Anabel Caeiro explica que el método María Fux de danza terapia creativa implica el trabajo en grupos. El desafío para ella fue facilitar la comunicación entre quienes conforman esos grupos para que pudieran comunicarse desde la danza a pesar de la distancia física inevitable.

Para eso, lleva a cabo encuentros sincrónicos semanales de dos horas que tienen un carácter práctico, seguidos de un estudio teórico del sentido escénico. Luego, cada miembro sube a una plataforma un video personal danzando para que sus compañeros realicen una devolución.

Belen Amici.

El futuro del cuerpo virtual

Los profesores ansían una vuelta al salón y ya se imaginan cómo serán esos encuentros en la nueva normalidad. Según indica Miara, el regreso se produciría habiendo adquirido un profundo conocimiento del propio cuerpo en la soledad de los hogares.

Pero no sería un regreso a la situación previa a la cuarentena, aclara Delacroix. Implicaría un periodo de transición en el cual se combinarían las clases virtuales y presenciales, donde habría menos alumnos ocupando el salón. Ella debería contemplar sus preferencias o reparos respecto de las normas de higiene, lo cual implicaría que cada uno lleve su propio mat para realizar los ejercicios.

Caeiro señala el mismo cuidado con los protocolos que deberían implementarse al momento de volver el salón, evitando el contacto físico. Para quienes lo deseen, ella continuaría con los encuentros virtuales.

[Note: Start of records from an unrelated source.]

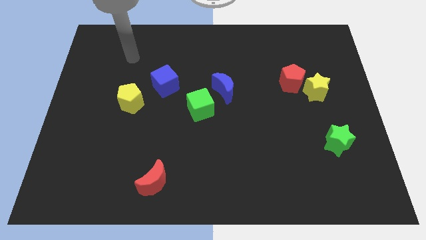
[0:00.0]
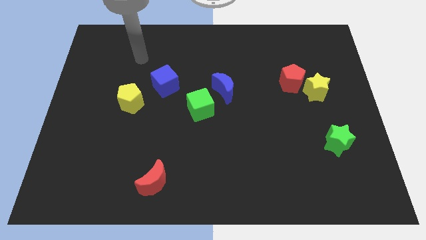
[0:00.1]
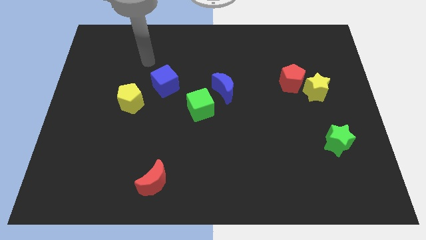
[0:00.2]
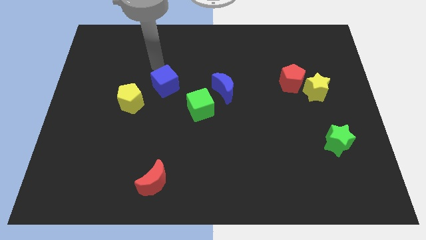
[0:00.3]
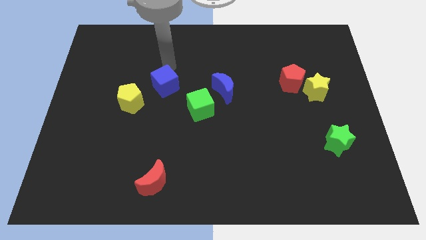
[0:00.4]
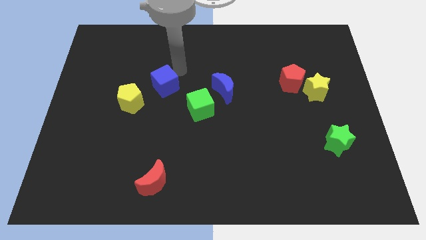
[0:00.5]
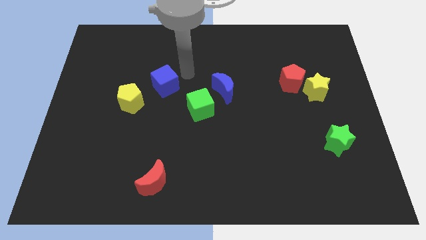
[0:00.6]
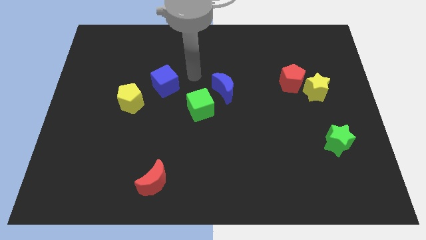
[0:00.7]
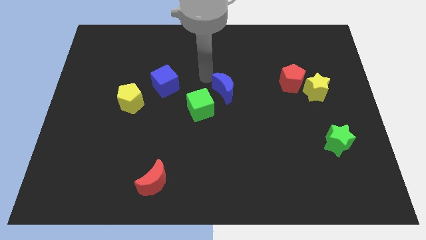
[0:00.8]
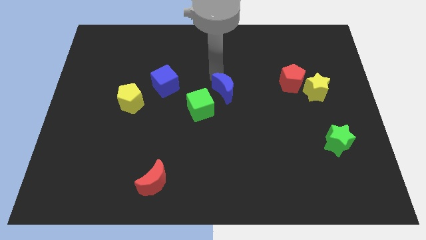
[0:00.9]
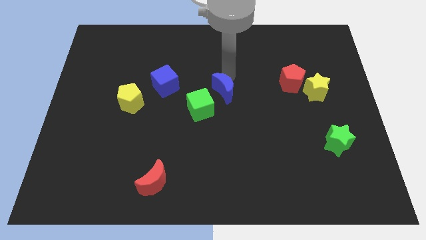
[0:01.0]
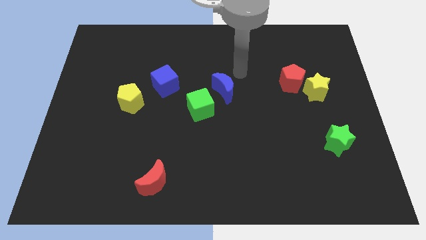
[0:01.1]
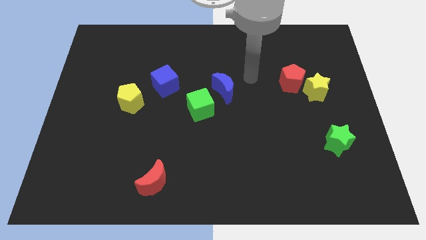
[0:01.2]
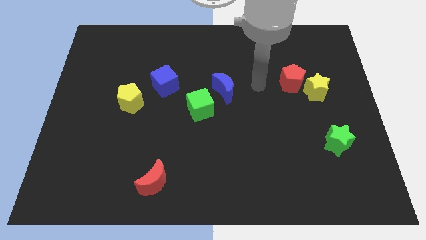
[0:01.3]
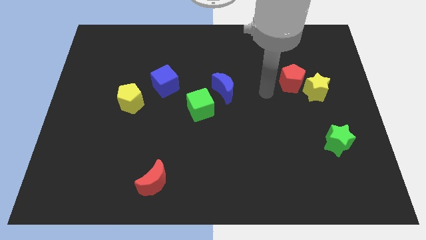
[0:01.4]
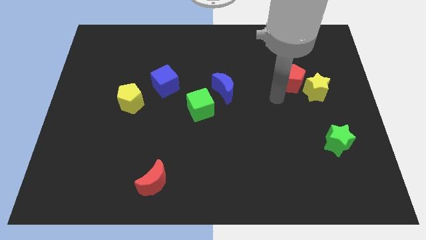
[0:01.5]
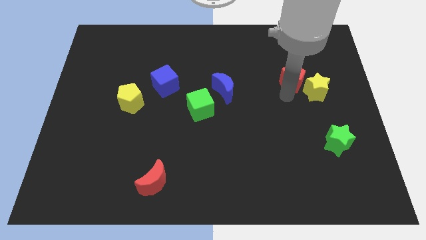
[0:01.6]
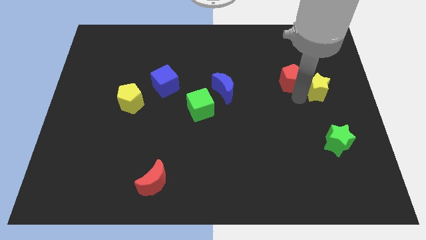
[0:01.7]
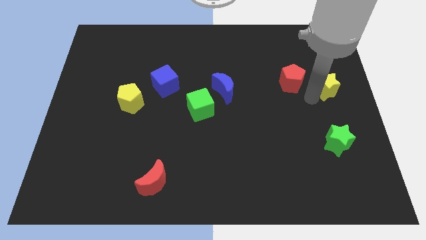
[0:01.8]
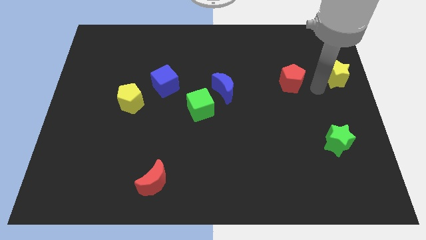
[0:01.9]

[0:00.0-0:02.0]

Al describir el entrenamiento de boxeo, Wacquant destacó el proceso de educación del cuerpo materializado en el club, a partir de posturas y gestos inculcados. Este proceso también se ve en la audición para el musical ‘Chorus Line’ con el ritmo incesante marcado con las palmas y los taconeos.

En el aire se percibe el gusto y dolor de la acción, una frase incluida en el titulo original del libro en inglés de Wacquant, referido a la sociología carnal como característica de su investigación.